Several new iridium compounds bearing the PhB(CH_2PPh_2)_3^- (herein abbreviated as [PhBP_3]) ligand have been prepared and characterized, and a comparison of steric, electronic, and chemical properties is made with those of related pentamethylcyclopentadienyl (Cp^*) and hydridotris(3,5-dimethylpyrazolyl)borate (Tp^(Me)_2) complexes. The complexes [PhBP_3]Ir(H)(η_3-C_8H_(13)) (2) and [PhBP_3]Ir(H)(η^3-C_3H_5) (3) were synthesized from the reaction of [Li(TMED)][PhBP_3] (1) with the corresponding [(alkene)_2IrCl]_2 complex. These allyl complexes serve as precursors to the dihalides [PhBP_3]IrX_2 (10, X = I; 12, X = Cl). In addition to these dihalides, the five-coordinate species [PhBP_3]IrMe_2 (16) and [ClB(CH_2PPh_2)_3]IrCl_2 (13) have been isolated. Addition of CO to 2 or 3 gave [PhBP_3]Ir(CO)_2 (7), while reaction of H_2 with 2 yielded {[PhBP_3]IrH_2}_2 (8) in benzene and [PhBP_3]Ir(COE)H_2 (9) in THF (where COE = cyclooctene). Complex 2 reacted with PMePh_2 to give [PhBP_3]Ir(PMePh_2)H_2 (5) and 1,3-cyclooctadiene. The protonation of 5 with [H(OEt_2)]{B[3,5-C_6H_3(CF_3)_2]_4} gave the classical hydride complex {[PhBP_3]Ir(PMePh_2)H_3}{B[3,5-C_6H_3(CF_3)_2]_4} (6).
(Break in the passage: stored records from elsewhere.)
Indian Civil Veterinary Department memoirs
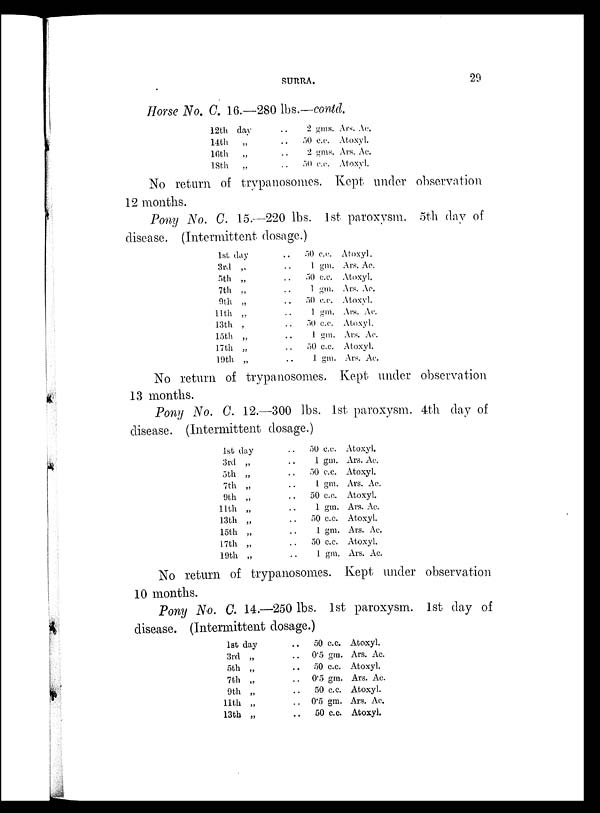
SURRA.
29
Horse No. C. 16.—280 lbs.—contd.
12th day
14th
„
16th
„
18th
„
. . 2 gms. Ars. Ac.
. . 50 c.c. Atoxyl.
. . 2 gms. Ars. Ac.
. . 50 c.c. Atoxyl.
No return of trypanosomes. Kept under observation
12 months.
Pony No. C. 15.—220 lbs. 1st paroxysm. 5th day of
disease. (Intermittent dosage.)
1st day
3rd „
5th „
7th „
9th „
11th „
13th „
15th „
17th „
19th „
. . 50 c.c.
. . 1 gm.
. . 50 c.c.
. . 1 gm.
. . 50 c.c.
. . 1 gm.
. . 50 c.c.
. . 1 gm.
. . 50 c.c.
. . 1 gm.
Atoxyl.
Ars. Ac.
Atoxyl.
Ars. Ac.
Atoxyl.
Ars. Ac.
Atoxyl.
Ars. Ac.
Atoxyl.
Ars. Ac.
No return of trypanosomes. Kept under observation
13 months.
Pony No. C. 12.—300 lbs. 1st paroxysm. 4th day of
disease. (Intermittent dosage.)
1st day
3rd „
5th „
7th „
9th „
11th „
13th „
15th „
17th „
19th „
. . 50 c.c.
. . 1 gm.
. . 50 c.c.
. . 1 gm.
. . 50 c.c.
. . 1 gm.
. . 50 c.c.
. . 1 gm.
. . 50 c.c.
. . 1 gm.
Atoxyl.
Ars. Ac.
Atoxyl.
Ars. Ac.
Atoxyl.
Ars. Ac.
Atoxyl.
Ars. Ac.
Atoxyl.
Ars. Ac.
No return of trypanosomes. Kept under observation
10 months.
Pony No. C. 14.—250 lbs. 1st paroxysm. 1st day of
disease. (Intermittent dosage.)
1st day
3rd „
5th „
7th „
9th „
11th „
13th „
. . 50 c.c.
. . 0.5 gm.
. . 50 c.c.
. . 0.5 gm.
. . 50 c.c.
. . 0.5 gm.
. . 50 c.c.
Atoxyl.
Ars. Ac.
Atoxyl.
Ars. Ac.
Atoxyl.
Ars. Ac.
Atoxyl.

In addition to the formation of allyl complexes 2 and 3, several C−H activation reactions have been observed; addition of P^(Me)_3 to 2 provided the cyclometalated product {PhB[(CH_2PPh_2)_2(CH_2PPhC_6H_4)]}Ir(H)(PMe_3)(4) and COE. Photolysis of 5 gave PhB[(CH_2PPh_2)_2(CH_2PPhC_6H_4)]}Ir(H)(PMePh_2) (A) and [PhBP_3]Ir(H)(PMePhC_6H_4) (B). Complex 9 catalyzes H/D exchange between COE and benzene-d_6. Metathesis reactions of diiodide 10 with LiBHEt_3 gave [Li(THF)_n]{[PhBP_3]Ir(H)_2I} (14a) and [Li(THF)_n]{[PhBP_3]Ir(H)_3} (15). Comparison of the spectroscopic properties of related [PhBP_3]Ir, Cp^*Ir, and Tp^(Me)_2Ir complexes suggests that relative donating abilities follow the trend [PhBP_3] ≥ Cp^* > Tp^(Me)_2, and structural comparisons indicate that [PhBP_3] is the most sterically demanding ligand.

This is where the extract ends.